After a user places an order, the order data is sharded and stored. An asynchronous pipeline distributes the order to the production system at a controlled rate, preventing spikes during large promotions.

Personal order DBs are separated from production order DBs to improve stability and match different query patterns.

2. Order System Architecture Evolution

Order Fulfillment Process

After payment, orders are completed, then dispatched to merchants via open platforms or merchant centers. Merchants pick items, handle out‑of‑stock adjustments, and the system supports single‑order and batch‑order delivery.

RPC Microservice Cluster

Microservice decomposition reduces complexity, enables independent deployment, and improves scalability.

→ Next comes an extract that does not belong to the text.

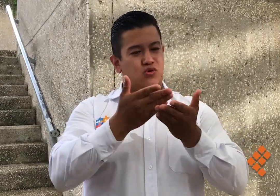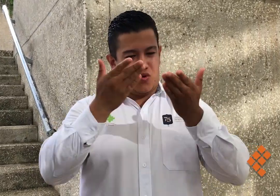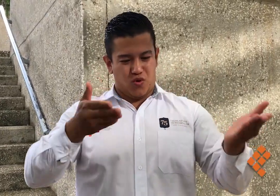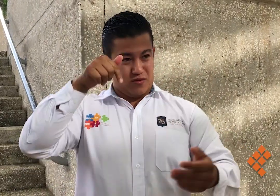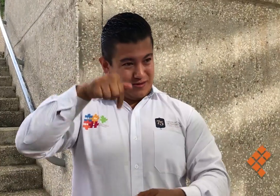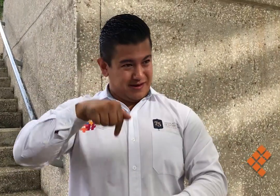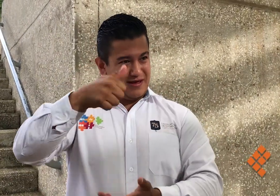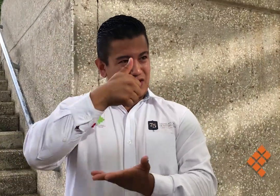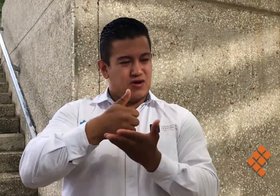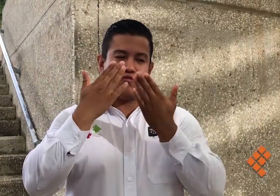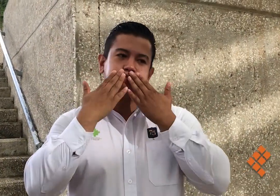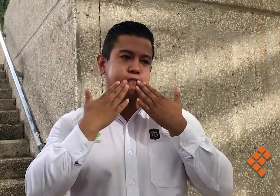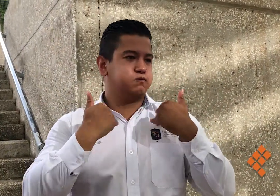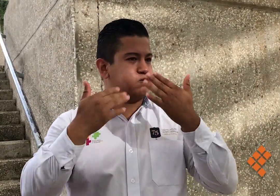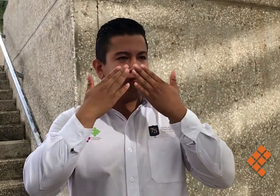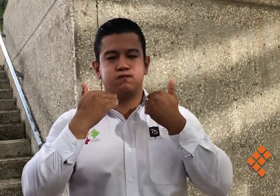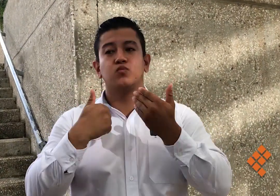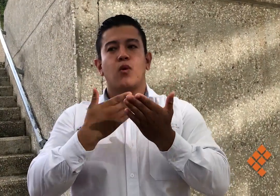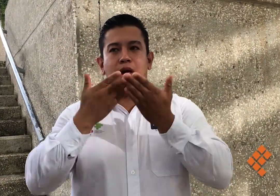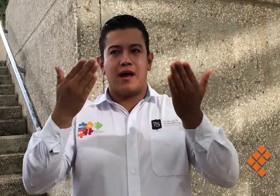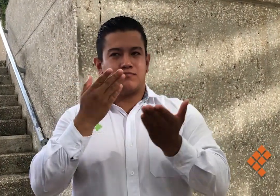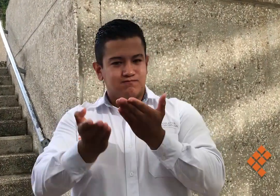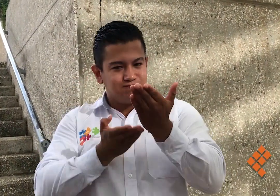Ángel Gutiérrez e información de Rebeca Hernández, Cuadratín al Aire.

Benefits include reduced coupling, faster iteration, and easier horizontal scaling.

Lower complexity by splitting domains into separate services.

Independent deployment for faster releases.

Scalable architecture that can be expanded based on traffic.

Redis Cluster

Redis provides distributed locks, caching, ordered queues, and scheduled tasks. A dual‑cluster setup isolates core and non‑core workloads to avoid large‑key performance issues.

MySQL Cluster

Initially a single master‑slave setup caused high write pressure. Read‑write separation and later sharding into hot (recent days) and cold (historical) databases reduced load and improved latency.

Elasticsearch Cluster

ES handles complex order queries. A hot‑cold dual‑cluster design stores recent production data in the hot cluster and archives older data in the cold cluster. Data sync uses Canal + Kafka to capture binlog changes and push them asynchronously to ES.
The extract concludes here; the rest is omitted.